Prime Minister Jyrki Katainen says that all the other alternatives are all worse.
“The markets are frightened about how Spain will manage to recapitalise its banks. The problem must be removed so that the entire country does not get into trouble,” Katainen told Yle on Sunday.
Speaking during a Nordic prime ministers’ meeting in Norway’s Lofoten Islands, Katainen declined to speculate on how much the Spanish support might cost Finland.
“No one has made that estimate yet," he said. "It depends on how much recapitalisation the Spanish banks need. The Spanish economy is about twice as large as that of Ireland, Portugal and Greece together. If the banks bring down Spain then we can be sure that a cold winter will begin in the middle of summer, including in Finland.”
Rehn: An important step
Finnish European Commissioner Olli Rehn also told Yle on Sunday that he backs the decision.

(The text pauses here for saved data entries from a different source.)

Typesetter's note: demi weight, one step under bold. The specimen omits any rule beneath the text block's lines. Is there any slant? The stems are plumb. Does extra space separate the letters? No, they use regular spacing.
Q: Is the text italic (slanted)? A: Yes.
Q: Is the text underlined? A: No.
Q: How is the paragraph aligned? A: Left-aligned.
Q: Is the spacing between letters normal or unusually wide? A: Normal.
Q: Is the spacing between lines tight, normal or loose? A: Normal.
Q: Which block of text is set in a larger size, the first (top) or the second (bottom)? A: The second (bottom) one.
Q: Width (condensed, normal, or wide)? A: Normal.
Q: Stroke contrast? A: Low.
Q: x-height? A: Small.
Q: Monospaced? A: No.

"Certainly it's one important step toward ensuring the stability of the eurozone and...thus the basis for growth and employment," said Rehn, who is Vice President of the European Commission responsible for Economic and Monetary Affairs and the Euro.
He said there will be no decision on which fund the rescue money will be taken from until it is clear "how much and what kind of financial support Spain needs and with what kinds of conditions."
On Saturday, Finance Minister Jutta Urpilainen said that Finland will ask for guarantees if the funds are taken from the European Financial Stability Facility, the eurozone's temporary rescue fund.